Conductor James DePreist leads the Juilliard Orchestra in Barber's Symphony No. 1; Martinů's Oboe Concerto (soloist to be announced October 21); and Beethoven's Symphony No. 6 in F Major, Op. 68, "Pastoral" in a free concert on Thursday, November 18 at 8 PM in Alice Tully Hall.
Tickets for this FREE Alice Tully Hall concert will be available beginning November 4 at the Janet and Leonard Kramer Box Office at Juilliard. Box Office hours are Monday through Friday from 11 AM to 6 PM. For further information, call (212) 769-7406 or go to www.juilliard.edu.
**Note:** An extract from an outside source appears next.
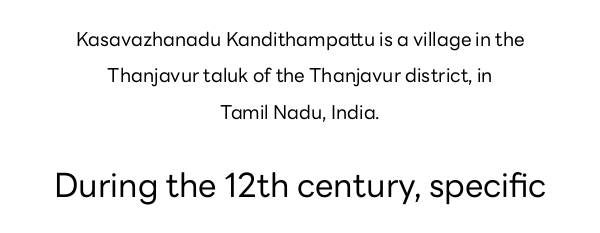
{"serif": "no", "italic": "no", "bold": "no", "weight": "regular", "width": "normal", "stroke_contrast": "low", "x_height": "medium", "monospaced": "no", "underline": "no", "align": "center", "line_spacing": "loose", "line_spacing_ratio": 1.92, "letter_spacing": "normal", "letter_spacing_em": 0.0, "larger_block": "second", "size_ratio": 1.74, "glyph_px": 33}

Samuel Barber composed his Symphony No. 1 in One Movement, Op. 9 during the winter of 1935-36 in Rome while he was living there as recipient of the American Prix de Rome. The work had its premiere at the Adriano Theater in Rome with the Augusteo Orchestra conducted by Bernardino Molinari. Barber revised the score in 1942, and the new version was introduced by the New York Philharmonic with conductor Bruno Walter on April 16, 1942.
Bohuslav Martinů completed his Oboe Concerto in 1955. The work was composed for Jiří Tancibudek, oboist of the Czech Philharmonic Orchestra, who emigrated to Australia in 1950 and premiered the work in Sydney and also played it in Europe. František Hanták premiered the concerto in Czechoslovakia in 1960.
Beethoven's Symphony No. 6 in F Major, Op. 68, "Pastoral" was written during the fall of 1807 and spring of 1080 and overlapped with the Fifth Symphony. They were published within weeks of one another and premiered together, the only time Beethoven premiered two symphonies together. The date of the premiere was December 22, 1808 at the Theater an der Wien. The work, in five movements, captures Beethoven's love of nature and his walks in the countryside outside of Vienna. The Juilliard Manuscript Collection contains early additions of Beethoven's symphonies. These are housed at Juilliard and available online at www.juilliardmanuscriptcollection.org.
James DePreist is director of conducting and orchestral Studies at Juilliard and the newly-named artistic advisor to the Pasadena Symphony and Pops. He is laureate music director of the Oregon Symphony and served as permanent conductor of the Tokyo Metropolitan Symphony Orchestra from 2005 until 2008.
As a guest conductor, Mr. DePreist has appeared with every major North American orchestra, and internationally, he has conducted in Amsterdam, Berlin, Budapest, Copenhagen, Helsinki, Manchester, Melbourne, Munich, Prague, Rome, Rotterdam, Seoul, Stockholm, Stuttgart, Sydney, Tel Aviv, Tokyo and Vienna. He made his London debut with the London Symphony at the Barbican Centre in April 2005.
Mr. DePreist returned to the Aspen Music Festival in August. In addition to Aspen, he appears regularly with the Boston Symphony at Tanglewood, The Philadelphia Orchestra at the Mann Music Center, and the Juilliard Orchestra at Lincoln Center and Carnegie Hall.
With more than 50 recordings to his credit, Mr. DePreist has a substantial discography. His varied recorded repertoire includes a celebrated Shostakovich series with the Helsinki Philharmonic and 15 recordings with the Oregon Symphony which have helped establish that orchestra as first rank.
Mr. DePreist has been awarded 13 honorary doctorates and is the author of two books of poetry. He is an elected fellow of the American Academy of Arts and Sciences and the Royal Swedish Academy of Music, and is a recipient of the Insignia of Commander of the Order of the Lion of Finland, the Medal of the City of Québec and is an Officer of the Order of Cultural Merit of Monaco. In 2005, James DePreist was presented with the Presidential National Medal of Arts, the nation's highest honor for artistic excellence.